Study material ->

== Segment start ==

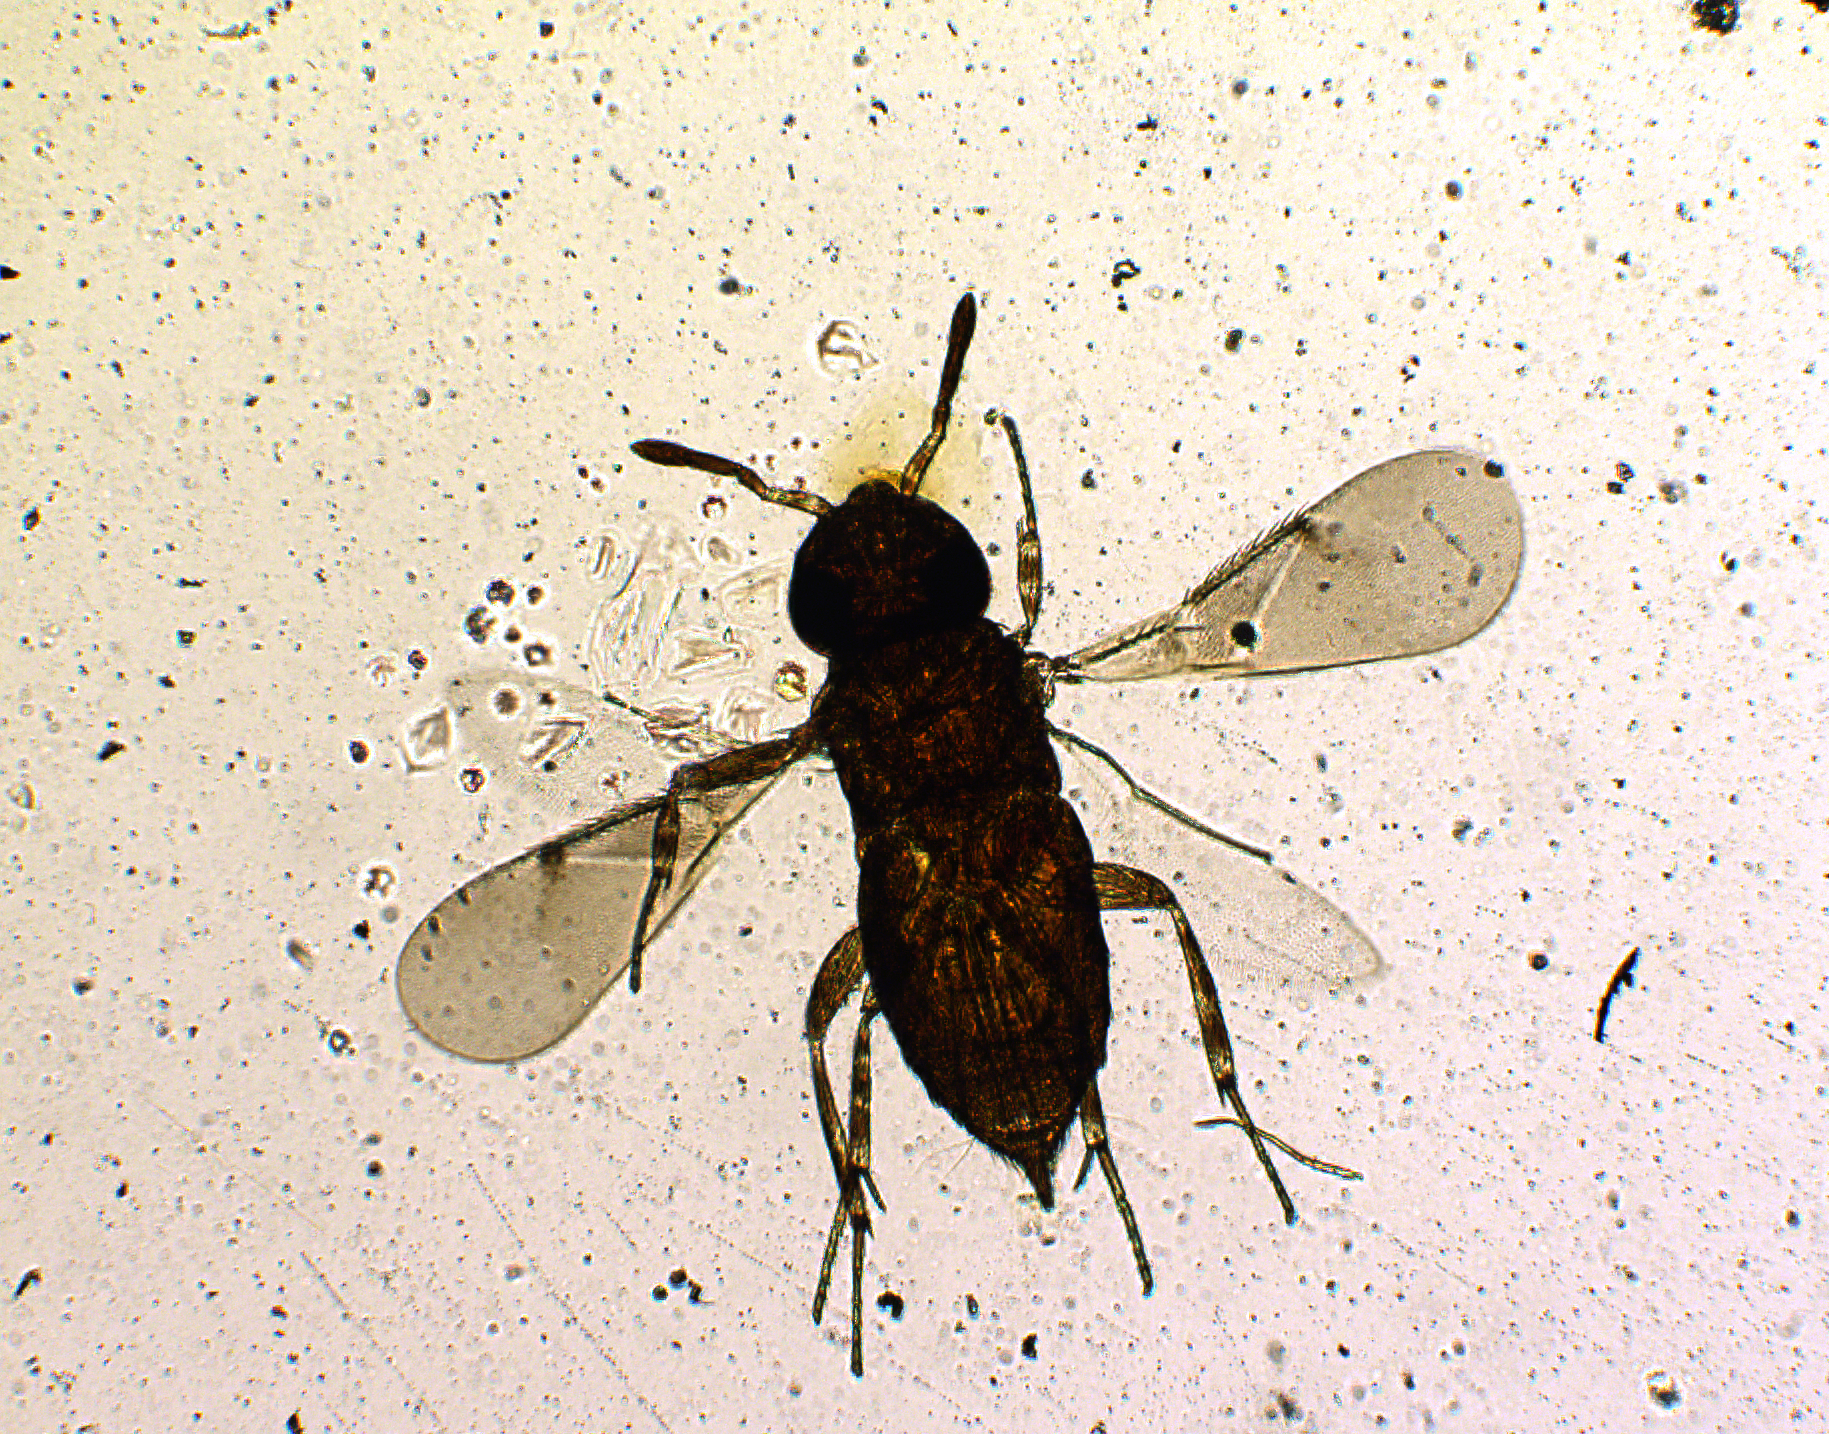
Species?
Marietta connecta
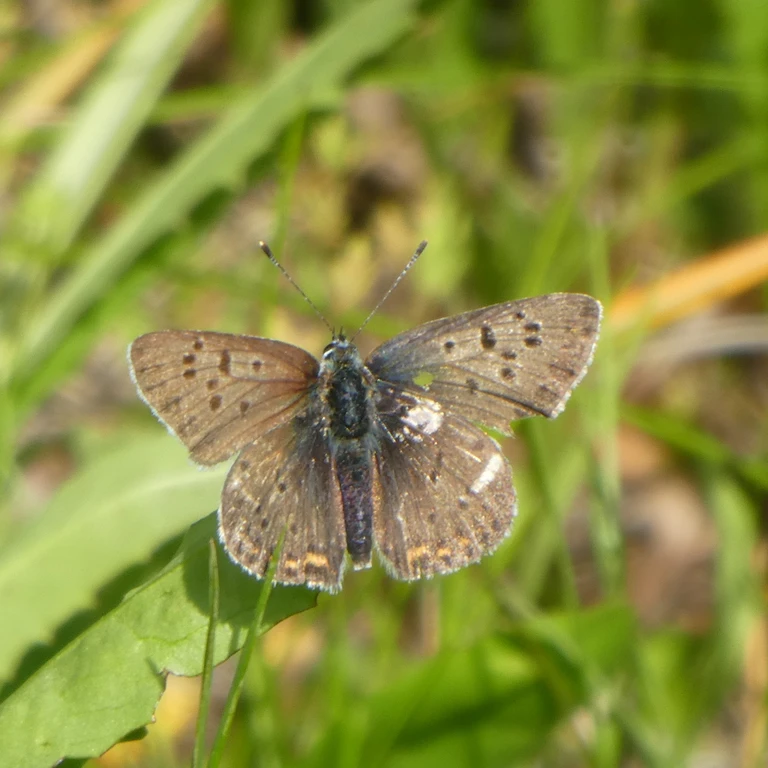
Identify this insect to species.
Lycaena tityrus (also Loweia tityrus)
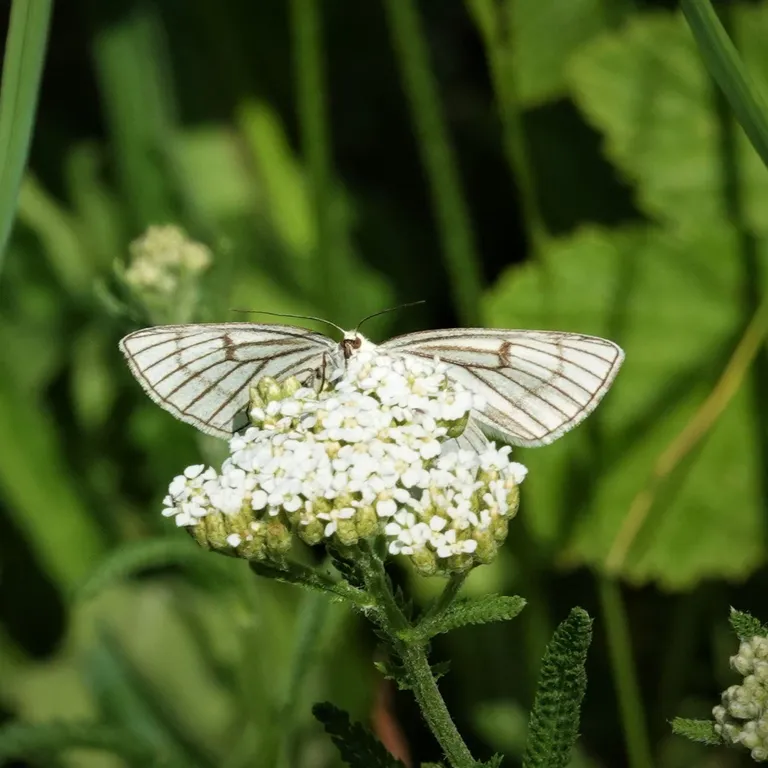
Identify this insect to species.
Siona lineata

== Segment end ==

Activity ->
Transcribe the listing in full. Leave the pictures out.

Result ->
Species?
Marietta connecta
Identify this insect to species.
Lycaena tityrus (also Loweia tityrus)
Identify this insect to species.
Siona lineata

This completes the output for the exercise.